Love Rival Used Stun Gun On Sadie Hartley Before 'Demonic' Knifing, Court Hears

Love Rival Used Stun Gun On Sadie Hartley Before 'Demonic' Knifing, Court Hears

A jealous and obsessive woman paralysed her love-rival with a stun gun before stabbing and slashing her victim with "demonic savagery", a murder trial heard..

Sarah Williams, 35, shot "decent, hard-working" businesswoman Sadie Hartley, 60, in the head with the weapon on the doorstep of her £500,000 home in the village of Helmshore, Lancashire.

Williams then stabbed and slashed the mother of two 40 times in an "orgy of violence", Preston Crown Court heard.

The defendant, who denies murder, had been in a past relationship with Ian Johnston, 57, Ms Hartley's partner, who was out of the country at the time of the attack.

He had ended the relationship with Williams after she became "possessive and difficult" John McDermott, opening the case for the prosecution, told the jury.

"Obsessed" Williams "set her mind" to rekindle the relationship - but Ms Hartley, who owned a medical communications business, was the "obstacle".

She recruited a second defendant, Katrina Walsh, 56, also from Chester, to help her with the "murderous mission" and who kept a "revealing" diary as they hatched the plot, the court heard.

At just after 8pm on January 14 this year, Ms Hartley received an unexpected knock at the door to her home, on an up-market road in the rural Lancashire village.

"What happened next is truly shocking," Mr McDermott continued.

"Sarah Williams stood on the doorstep. As soon as the door was opened we suggest she lunged at Sadie Hartley with of all things a stun gun - the sort of thing you might use legitimately to prod cattle.

"She pressed it against her - Sadie Hartley's head - and incapacitated her.

"Then with what can only be described as almost demonic savagery, she attacked her with a knife.

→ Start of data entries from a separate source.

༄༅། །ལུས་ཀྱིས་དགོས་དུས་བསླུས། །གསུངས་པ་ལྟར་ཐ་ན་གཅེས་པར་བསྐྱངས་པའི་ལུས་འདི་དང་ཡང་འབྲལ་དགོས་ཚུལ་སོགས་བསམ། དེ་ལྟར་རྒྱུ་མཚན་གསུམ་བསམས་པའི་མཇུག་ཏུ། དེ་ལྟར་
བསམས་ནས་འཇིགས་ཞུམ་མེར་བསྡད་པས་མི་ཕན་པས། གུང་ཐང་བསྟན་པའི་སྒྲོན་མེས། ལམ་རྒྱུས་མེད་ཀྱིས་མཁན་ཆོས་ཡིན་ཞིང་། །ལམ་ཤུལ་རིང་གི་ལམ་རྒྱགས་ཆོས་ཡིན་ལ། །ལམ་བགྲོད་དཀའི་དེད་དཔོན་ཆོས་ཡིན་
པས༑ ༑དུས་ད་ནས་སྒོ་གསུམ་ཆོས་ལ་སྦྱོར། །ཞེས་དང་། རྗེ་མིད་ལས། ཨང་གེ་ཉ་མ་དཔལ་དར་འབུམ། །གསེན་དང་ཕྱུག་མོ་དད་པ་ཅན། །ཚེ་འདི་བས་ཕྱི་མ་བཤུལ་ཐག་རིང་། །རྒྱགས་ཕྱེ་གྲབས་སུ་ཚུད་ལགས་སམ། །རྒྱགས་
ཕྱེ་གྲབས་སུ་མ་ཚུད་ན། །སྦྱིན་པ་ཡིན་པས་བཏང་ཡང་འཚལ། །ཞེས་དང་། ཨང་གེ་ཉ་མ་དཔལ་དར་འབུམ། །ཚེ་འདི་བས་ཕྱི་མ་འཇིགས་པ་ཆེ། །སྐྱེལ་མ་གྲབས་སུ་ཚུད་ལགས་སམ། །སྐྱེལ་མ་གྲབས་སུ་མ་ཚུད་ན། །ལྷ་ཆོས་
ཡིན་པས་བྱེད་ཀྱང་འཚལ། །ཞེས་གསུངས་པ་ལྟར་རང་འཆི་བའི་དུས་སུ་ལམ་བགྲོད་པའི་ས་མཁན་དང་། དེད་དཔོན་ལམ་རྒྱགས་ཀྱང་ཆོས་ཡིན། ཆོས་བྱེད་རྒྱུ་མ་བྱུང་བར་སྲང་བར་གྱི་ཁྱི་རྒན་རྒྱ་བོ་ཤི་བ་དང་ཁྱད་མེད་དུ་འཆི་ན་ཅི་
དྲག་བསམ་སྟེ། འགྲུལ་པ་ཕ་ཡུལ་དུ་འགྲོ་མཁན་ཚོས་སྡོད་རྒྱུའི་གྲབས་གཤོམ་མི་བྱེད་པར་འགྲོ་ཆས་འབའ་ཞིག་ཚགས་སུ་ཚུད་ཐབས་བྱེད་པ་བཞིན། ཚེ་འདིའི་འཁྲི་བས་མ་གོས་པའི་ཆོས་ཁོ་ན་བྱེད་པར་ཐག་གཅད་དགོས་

"She stabbed and slashed at this unfortunate woman; blow after blow, causing appalling and fatal injuries.

"She left her victim in a pool of blood in the hallway; closed the door; walked back to the car she had used on her murderous mission and set off back to her home in Cheshire.

"It was a premeditated, planned assassination of an innocent woman."

Williams, from Treborth Road, Chester, and Walsh, of Hare Lane, Chester, both deny murder.